▶ _Problem description_:
In full and exactly, please return the records, but keep out the pictures.

(Excerpts from a dataset)

____________________

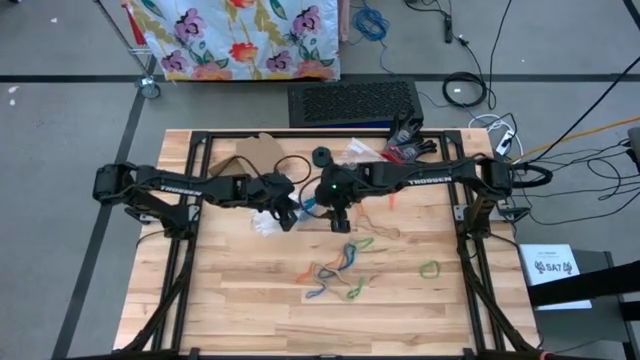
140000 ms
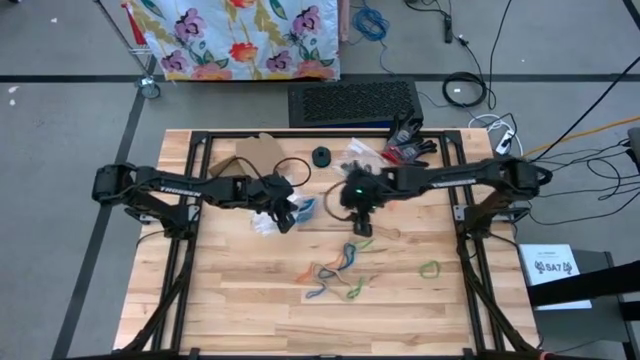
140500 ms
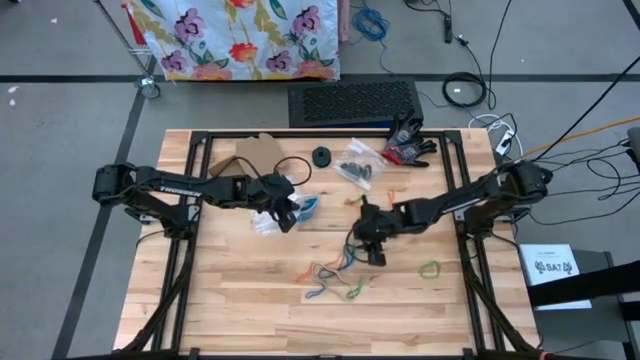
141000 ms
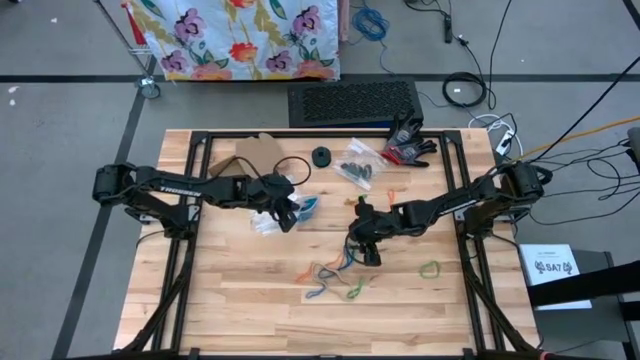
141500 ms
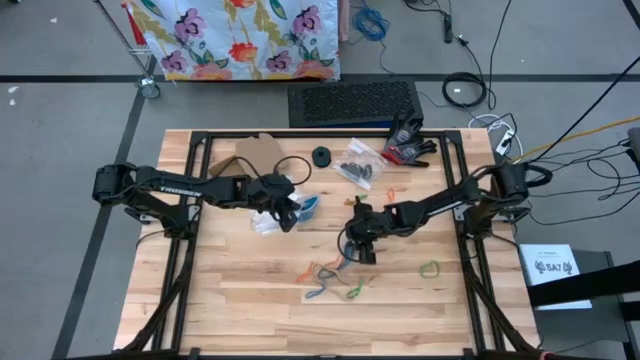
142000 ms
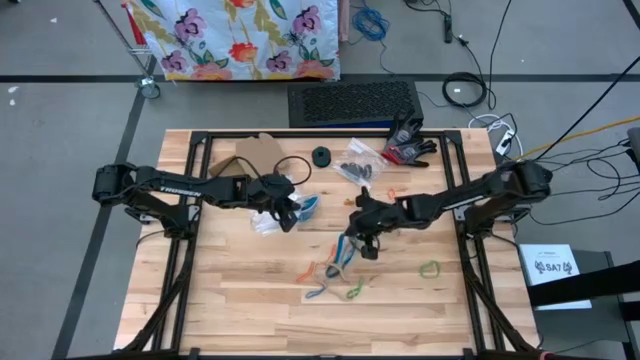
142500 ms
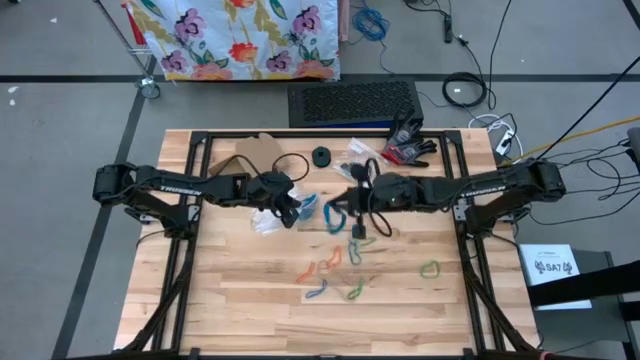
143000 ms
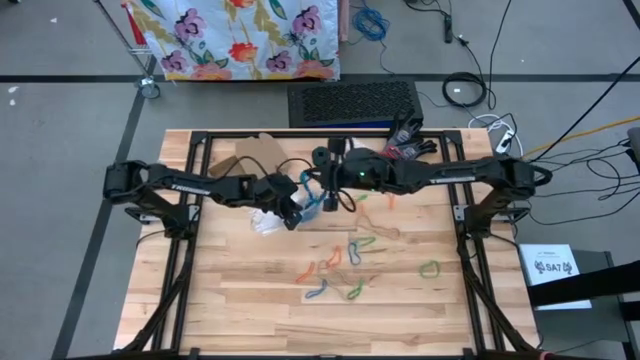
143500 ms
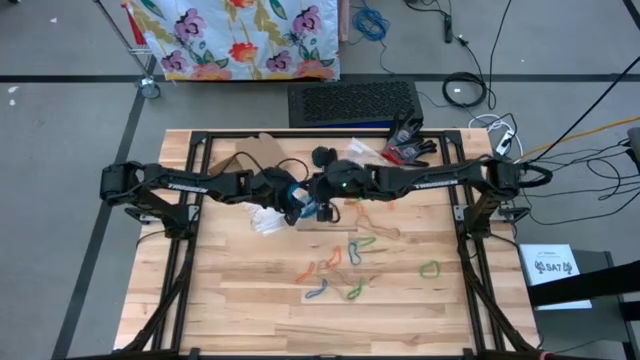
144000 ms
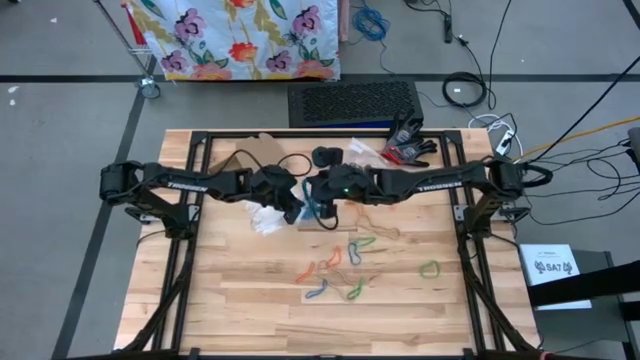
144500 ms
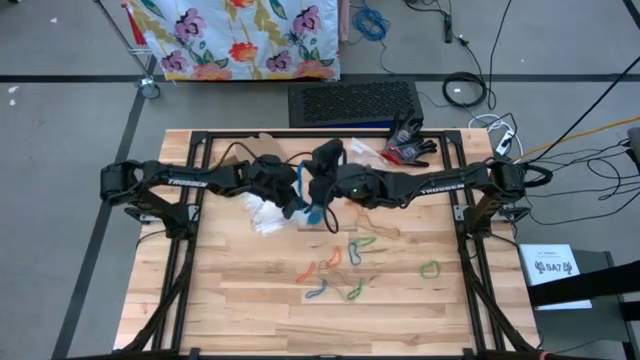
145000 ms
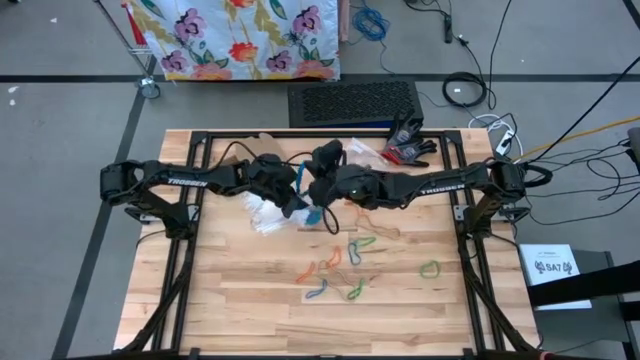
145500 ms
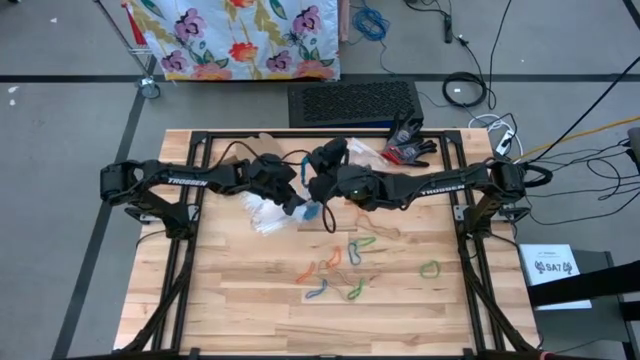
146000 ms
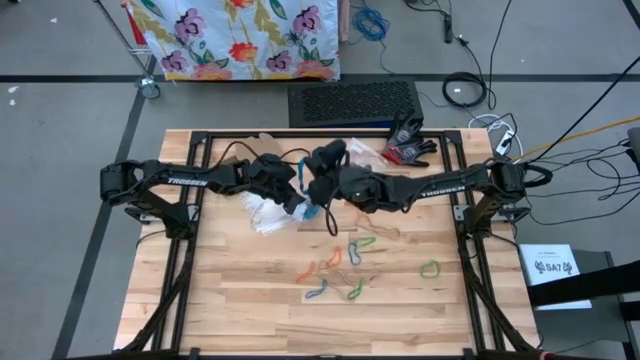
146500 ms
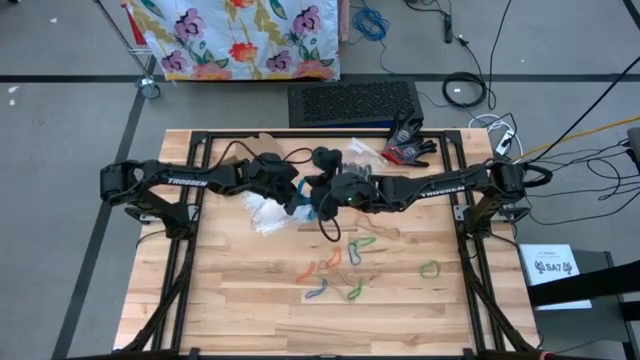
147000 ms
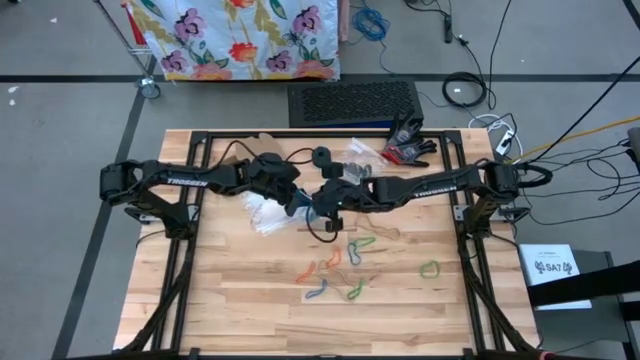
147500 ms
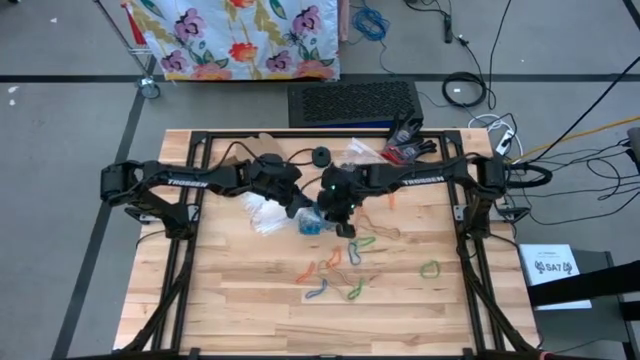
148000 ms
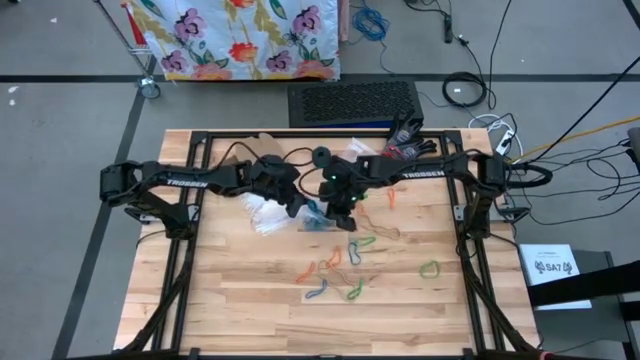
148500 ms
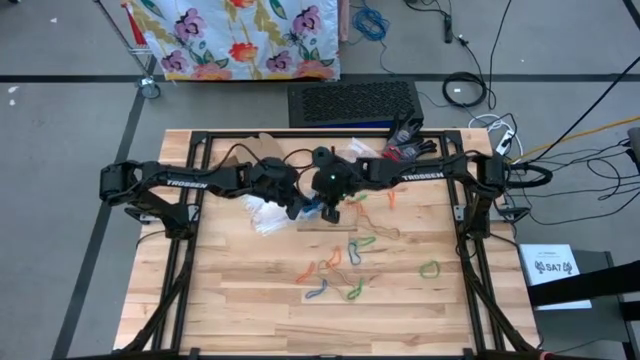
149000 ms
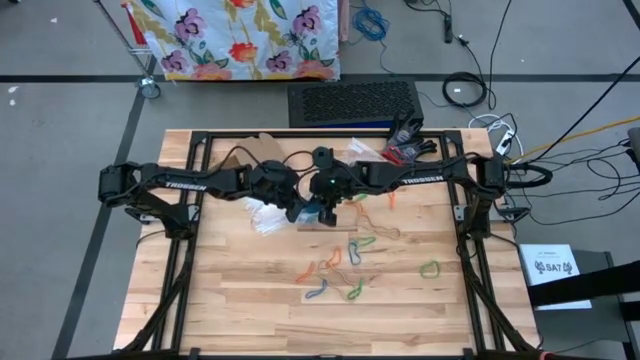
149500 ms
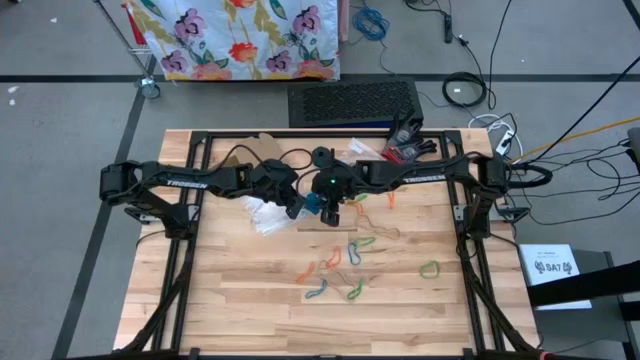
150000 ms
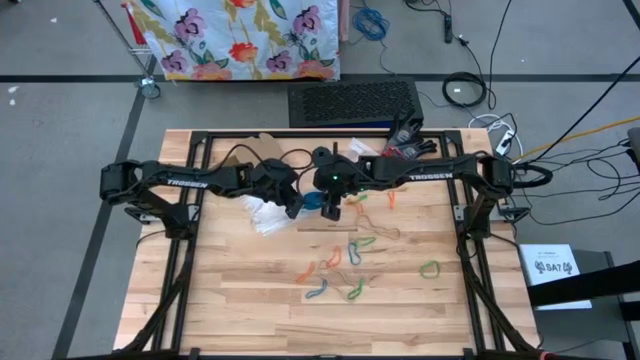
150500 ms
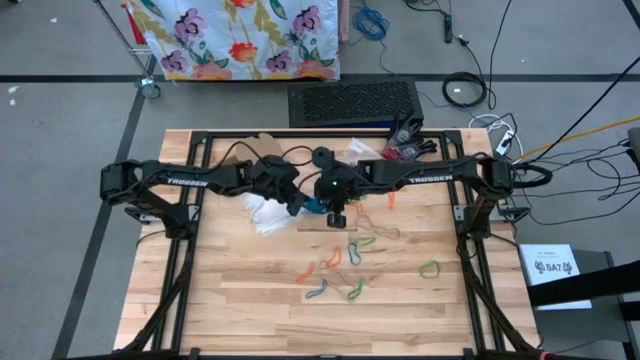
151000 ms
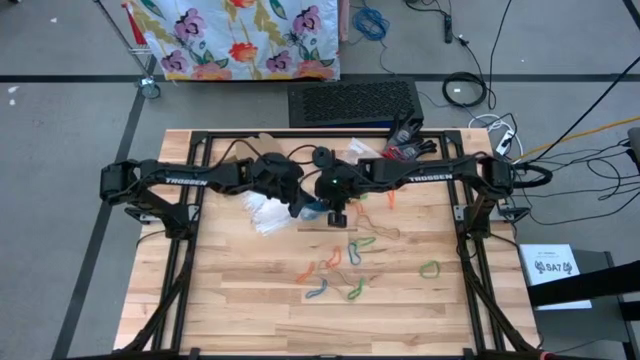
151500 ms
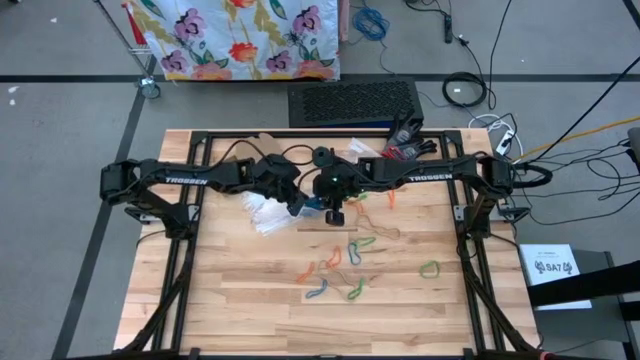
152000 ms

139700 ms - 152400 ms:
Task: Sort rubber bands
Put the blue rubber band into the transparent zip bag

____________________

▶ _Exercise solution_:
140000 ms
140500 ms
141000 ms
141500 ms
142000 ms
142500 ms
143000 ms
143500 ms
144000 ms
144500 ms
145000 ms
145500 ms
146000 ms
146500 ms
147000 ms
147500 ms
148000 ms
148500 ms
149000 ms
149500 ms
150000 ms
150500 ms
151000 ms
151500 ms
152000 ms

139700 ms - 152400 ms:
Task: Sort rubber bands
Put the blue rubber band into the transparent zip bag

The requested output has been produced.